Architecture and training
As optimization objective we use the mean squared error between the measured log-solubility and the global features of the output graph of a multi-layer GN, where each layer performs updates the graph as in Eq. 1. Using multiple layers of graph convolution allows the network to aggregate information at progressively larger scales, starting from the local neighborhood and extending to wider groups of atoms. Dropout is applied at the output of every linear transformation, as a technique to counteract overfitting. We tested multiple combinations of hyperparameters and obtain results comparable to (Duvenaud et al., 2015) using 3-5 hidden graph layers with a dimensionality of either 64, 128 or 256 and sum/mean pooling for all aggregation operations. Max pooling performed much worse, probably due to the nature of the task.
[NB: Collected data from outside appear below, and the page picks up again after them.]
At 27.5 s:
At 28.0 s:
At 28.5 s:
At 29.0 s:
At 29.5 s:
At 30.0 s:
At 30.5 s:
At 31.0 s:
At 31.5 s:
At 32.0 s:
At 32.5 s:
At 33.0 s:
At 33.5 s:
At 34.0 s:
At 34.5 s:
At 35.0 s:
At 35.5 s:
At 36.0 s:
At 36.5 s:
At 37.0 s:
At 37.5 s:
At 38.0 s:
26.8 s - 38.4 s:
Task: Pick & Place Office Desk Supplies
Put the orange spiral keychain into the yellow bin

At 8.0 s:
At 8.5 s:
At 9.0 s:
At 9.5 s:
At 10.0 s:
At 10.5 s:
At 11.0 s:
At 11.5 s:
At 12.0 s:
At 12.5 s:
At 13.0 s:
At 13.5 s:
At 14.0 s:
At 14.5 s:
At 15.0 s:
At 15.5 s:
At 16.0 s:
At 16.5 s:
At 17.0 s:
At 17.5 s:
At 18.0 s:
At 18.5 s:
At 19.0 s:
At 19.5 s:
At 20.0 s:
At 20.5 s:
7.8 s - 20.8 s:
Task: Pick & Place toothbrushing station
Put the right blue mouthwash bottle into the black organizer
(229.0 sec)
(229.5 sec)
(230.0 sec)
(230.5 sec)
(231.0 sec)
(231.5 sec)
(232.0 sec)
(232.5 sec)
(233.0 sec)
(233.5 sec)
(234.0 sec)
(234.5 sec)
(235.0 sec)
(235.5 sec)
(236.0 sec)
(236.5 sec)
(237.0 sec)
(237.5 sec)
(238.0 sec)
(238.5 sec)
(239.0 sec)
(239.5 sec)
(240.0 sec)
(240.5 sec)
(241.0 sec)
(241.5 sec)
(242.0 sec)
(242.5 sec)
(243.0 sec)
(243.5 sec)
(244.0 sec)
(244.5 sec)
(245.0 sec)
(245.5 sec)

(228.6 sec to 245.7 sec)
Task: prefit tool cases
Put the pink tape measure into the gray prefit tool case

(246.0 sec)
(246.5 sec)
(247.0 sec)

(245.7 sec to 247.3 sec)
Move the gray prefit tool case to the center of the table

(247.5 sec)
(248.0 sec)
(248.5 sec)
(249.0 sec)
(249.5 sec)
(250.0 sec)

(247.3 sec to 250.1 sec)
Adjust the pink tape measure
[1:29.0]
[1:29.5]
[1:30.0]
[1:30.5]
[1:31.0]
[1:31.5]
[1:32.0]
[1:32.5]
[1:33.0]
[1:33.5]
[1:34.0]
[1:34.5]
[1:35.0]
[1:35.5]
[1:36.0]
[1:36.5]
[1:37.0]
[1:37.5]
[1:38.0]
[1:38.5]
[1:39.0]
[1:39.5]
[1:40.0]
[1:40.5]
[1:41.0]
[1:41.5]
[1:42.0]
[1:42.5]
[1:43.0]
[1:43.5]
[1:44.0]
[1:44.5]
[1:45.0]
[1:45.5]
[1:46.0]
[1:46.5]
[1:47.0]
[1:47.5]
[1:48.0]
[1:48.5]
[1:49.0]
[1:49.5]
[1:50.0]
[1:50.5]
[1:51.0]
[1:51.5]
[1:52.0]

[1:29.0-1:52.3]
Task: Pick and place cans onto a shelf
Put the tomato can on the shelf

Appendix C Additional results
In the following pages we present an in-depth comparison between the three explainability methods we experimented with. We consider a graph with multiple sources of infection and immune nodes. The network, that uses max pooling to aggregate information from the incoming edges, correctly predicts the state of every node after one step of infection propagation (Fig. 8). In the figures that follow, we present a visualization of the explanations produced for three nodes of the graph: one that becomes infected (Fig. 9), one that receives no infection from its neighbors (Fig. 10) and one that is immune (Fig. 11). Refer to the captions for observations specific to every example.
Aggregation: max vs. sum comparison
It then follows an overview of explanations obtained for smaller graphs. For every input graph, we show two predictions: one made by a GN that uses max pooling and one made by a GN that uses sum pooling. The predictions are followed by a visualization of the explanations produced with Sensitivity Analysis, Guided Backpropagation and Layer-wise Relevance Propagation (in this order). For each explainability method, we represent the values of the gradient/relevance as a heatmap over the individual features of every node/edge, as well as with a graphical representation of the graph. Refer to the captions for observations specific to every example.
C.2 Solubility
As mentioned in the discussion (Sec. 5), choosing to model molecules as graphs yields a non-redundant and highly structured representation. As a consequence, the ability to slightly alter a molecule by performing small steps in Euclidean space is lost. This makes it hard to verify that explanations correspond to how the trained network predicts solubility. In fact, it is not possible to automatically alter a molecule according to the importance of its atoms/bonds and still obtain a valid molecule. In this case, it is necessary to apply domain-specific knowledge and identify which changes are viable in the space of valid molecules. In Figure 7 we show a trivial example where we use LRP to identify important atoms/bonds of a molecule and progressively remove them to reduce the predicted solubility.
Solubility explanations
In figures 18 and 19 we present a visualization of the explanation for the predicted solubility of glucose (moderately soluble) and 4-hexylresorcinol (moderately insoluble). The explanations are produced by applying LRP and propagating positive and negative relevance to the individual features of the atoms/bonds.